Capitalizing on lessons learned from the Six Day War, the IDF sunk resources and manpower primarily into three branches of their Armed Forces: the Air Force, the Armored Corps, and the Paratroopers. Successful IDF operations during the War of Attrition only reinforced these perceived priorities.
For example, the IAF was highly trained and equipped to conduct air strikes across the entire depth of the battlefield. After all, this is what had forced both the Egyptians and the Syrians to the negotiating table. Meanwhile, IDF tankers who had not previously excelled at long—range tank gunnery, had developed a strict training regimen to become superior gunners because of the need to destroy Syrian artillery and engineer equipment at extremely long ranges across the Golan Heights. The Paratroopers of course, maintained a high state of readiness in order to conduct precision anti—terror raids.
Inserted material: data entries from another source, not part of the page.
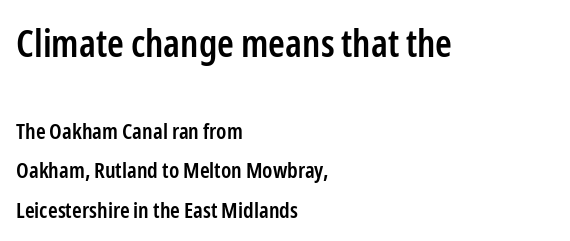
Q: Is the text bold? A: Semi-bold.
Q: Is the text italic (slanted)? A: No, it is upright.
Q: Is the typeface a serif or a sans-serif typeface? A: Sans-serif.
Q: Is the text underlined? A: No.
Q: How is the paragraph aligned? A: Left-aligned.
Q: Is the spacing between letters normal or unusually wide? A: Normal.
Q: Which block of text is set in a larger size, the first (top) or the second (bottom)? A: The first (top) one.
Q: Width (condensed, normal, or wide)? A: Condensed.
Q: Stroke contrast? A: Low.
Q: x-height? A: Medium.
Q: Monospaced? A: No.
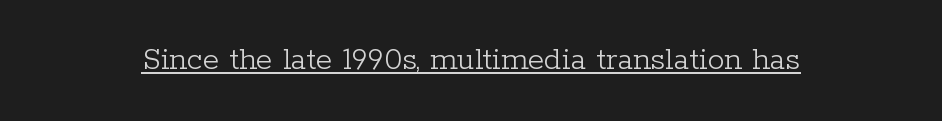
Q: Is the text bold? A: No.
Q: Is the text italic (slanted)? A: No, it is upright.
Q: Is the typeface a serif or a sans-serif typeface? A: Serif.
Q: Is the text underlined? A: Yes.
Q: Is the spacing between letters normal or unusually wide? A: Normal.
Q: Width (condensed, normal, or wide)? A: Normal.
Q: Stroke contrast? A: Low.
Q: x-height? A: Medium.
Q: Monospaced? A: No.
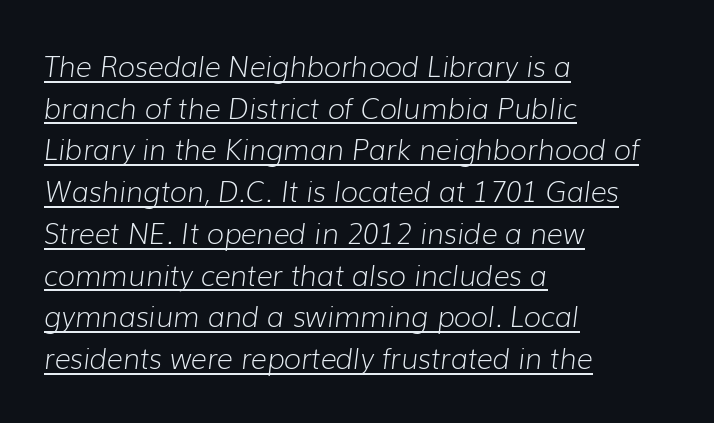
{"italic": "yes", "lean": "right", "slant_degrees": 7, "bold": "no", "weight": "light", "width": "normal", "stroke_contrast": "low", "x_height": "medium", "monospaced": "no", "underline": "yes", "align": "left", "line_spacing": "normal", "line_spacing_ratio": 1.49, "letter_spacing": "normal", "letter_spacing_em": 0.0, "glyph_px": 28}
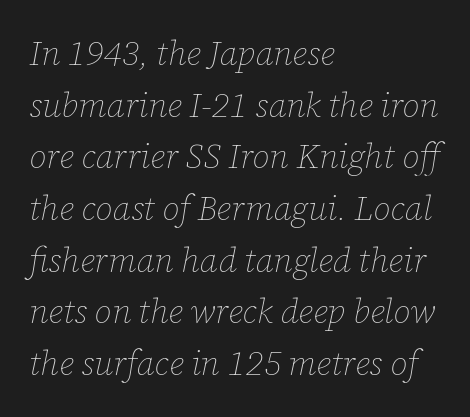
Each letter keeps its own natural width here, so spacing adapts to shape. What's the leading like? Ordinary, nothing unusual. Looking at the ascenders, they clearly lean. This rendering uses left alignment, leaving the right contour irregular.
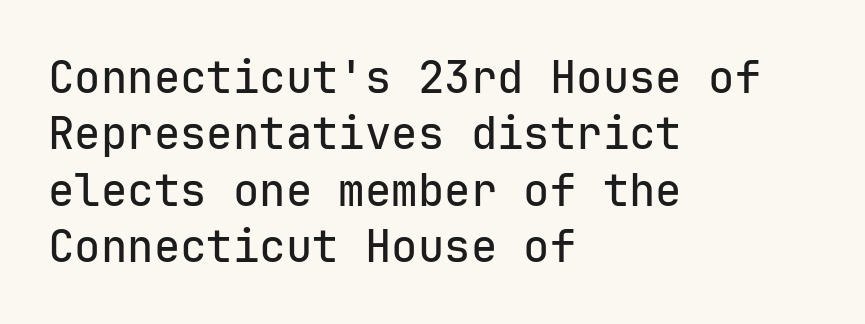
The image shows 44 px sans-serif type, upright, monospaced; set left-aligned, normal line spacing (1.28x), normal letter spacing, not underlined; low stroke contrast and a medium x-height.

But Arafat's operations during the War of Attrition forced the Israeli's to neglect a critical capability to fight a massive conventional war: line infantry. Not only was the infantry viewed as secondarily important to the previously mentioned branches, they had spent the War of Attrition chasing down guerillas and terrorists, while alternately manning static checkpoints and fortifications. This is not the way to produce proficient infantry units. In 1969 alone, there were 700 landmine and IED attacks on Israeli patrols in the Gaza Strip resulting in eight Israelis killed and 80 wounded. Even though Arafat and his terrorists were expelled from Jordan in September of 1970, his network carried even out more extensive guerilla operations. 1970 and 1971 saw terrorist activity peak, which meant infantry units had to increase patrols and security missions. Additionally, the IDF embarked on humanitarian missions to reduce the overcrowding in the Gaza refugee camps.
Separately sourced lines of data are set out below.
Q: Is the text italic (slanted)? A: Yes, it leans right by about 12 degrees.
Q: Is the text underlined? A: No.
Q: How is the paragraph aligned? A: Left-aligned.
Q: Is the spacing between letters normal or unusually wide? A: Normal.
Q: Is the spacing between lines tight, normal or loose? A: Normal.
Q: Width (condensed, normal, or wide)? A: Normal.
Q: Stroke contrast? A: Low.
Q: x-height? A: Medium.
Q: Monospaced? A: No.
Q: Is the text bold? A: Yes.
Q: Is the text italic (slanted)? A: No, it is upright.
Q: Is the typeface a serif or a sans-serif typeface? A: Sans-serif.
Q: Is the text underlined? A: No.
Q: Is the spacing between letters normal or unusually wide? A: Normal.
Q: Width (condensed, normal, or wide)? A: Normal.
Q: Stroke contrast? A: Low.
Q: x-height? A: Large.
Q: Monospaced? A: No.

The end result of Arafat's coordinated special ops campaign is that when the Yom Kippur War started in October of 1973, the IDF was woefully short of trained infantry, especially mechanized infantry to accompany the tanks into battle. While much was made in the press of the Arabs' success at employing the new Anti—tank Guided Missiles (ATGM) such as the Soviet—made Saggers, their effect was exaggerated. What hurt the Israeli tank units the most was rushing pell—mell into the fight without a key component of the combined arms team. Later, as Ariel Sharon was staging for his attack to encircle the Egyptian 3d Army, the situation was so dire with the poorly trained and led Israeli infantry, that Sharon was forced to call on paratroopers to mount up on half—tracks to go with his tanks into the fight.
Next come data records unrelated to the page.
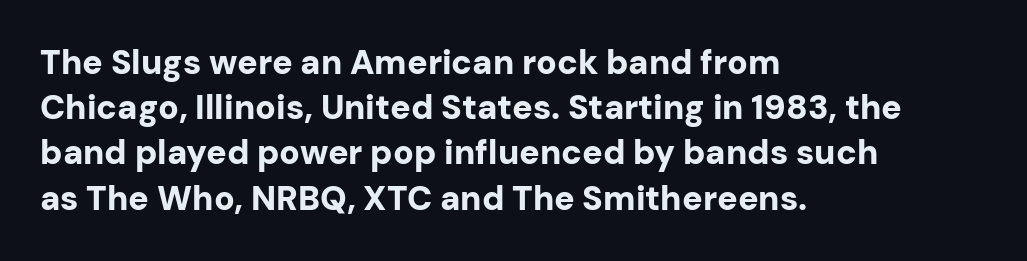
{"serif": "no", "italic": "no", "bold": "yes", "weight": "bold", "width": "normal", "stroke_contrast": "low", "x_height": "medium", "monospaced": "no", "underline": "no", "align": "left", "line_spacing": "normal", "line_spacing_ratio": 1.33, "letter_spacing": "normal", "letter_spacing_em": 0.0, "glyph_px": 34}
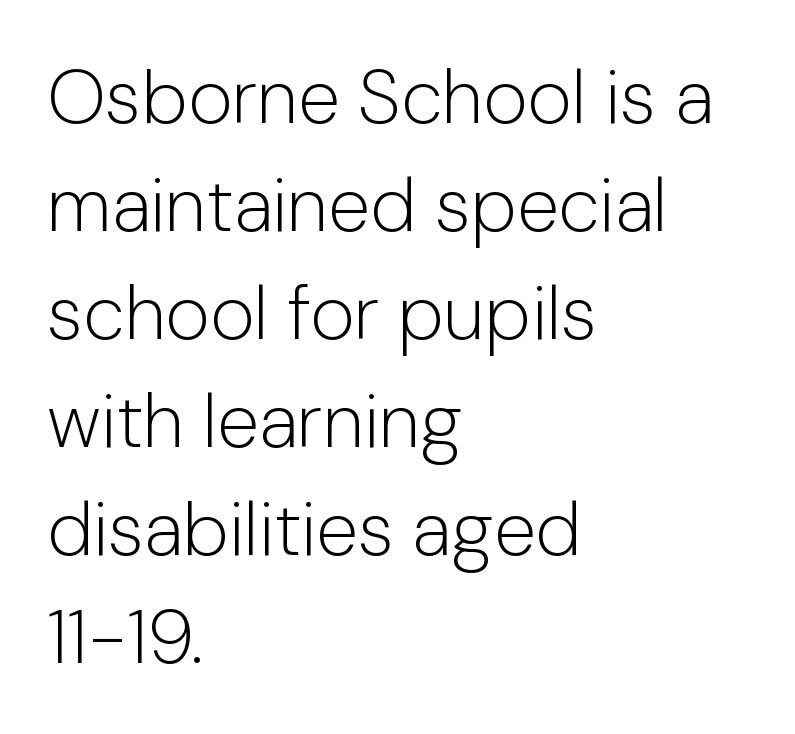
{"serif": "no", "italic": "no", "bold": "no", "weight": "light", "width": "normal", "stroke_contrast": "low", "x_height": "medium", "monospaced": "no", "underline": "no", "align": "left", "line_spacing": "normal", "line_spacing_ratio": 1.42, "letter_spacing": "normal", "letter_spacing_em": 0.0, "glyph_px": 76}
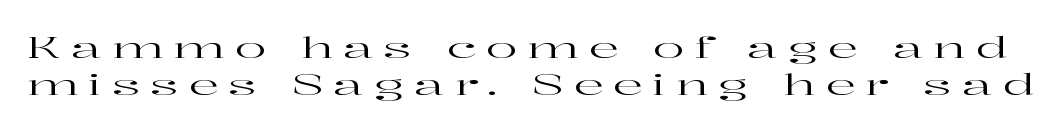
This is roman type, the default non-slanted kind. Tracking value appears strongly positive — letters spread wide. The string is rendered with underlining switched off. Serifs: yes, visible at the terminals of the letterforms. Students, observe: this is what conventionally led text looks like. Each letter keeps its own natural width here, so spacing adapts to shape.
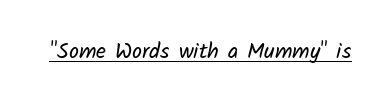
{"bold": "no", "underline": "yes", "letter_spacing": "normal", "letter_spacing_em": 0.0, "glyph_px": 22}
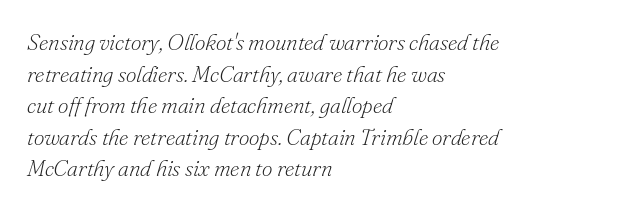
{"italic": "yes", "lean": "right", "slant_degrees": 16, "bold": "no", "underline": "no", "align": "left", "line_spacing": "normal", "line_spacing_ratio": 1.37, "letter_spacing": "normal", "letter_spacing_em": 0.0, "glyph_px": 23}

The opening attack across the Suez Canal and seizing the Bar—Lev line to start the Yom Kippur War is still viewed today as one of the best planned and executed operations of the 20th century. It involved synchronized artillery, commando, and engineer attacks along with superb deception operations. Also, the Israeli plan to respond to an attack on the Bar—Lev Line with massive air strikes was negated by the Egyptian placement of their air defense batteries well forward next to the Suez Canal.
Ultimately, the Israelis drove the Egyptians from the Sinai and counterattacked along the Golan Heights to maneuver within artillery range of Damascus. But it was all a very close thing, and we can look to Yassar Arafat and his 'special operators' for strategically preparing the battlefield in a way his former Soviet teachers would be proud of.
For this and many other reasons, we should all be glad he is gone.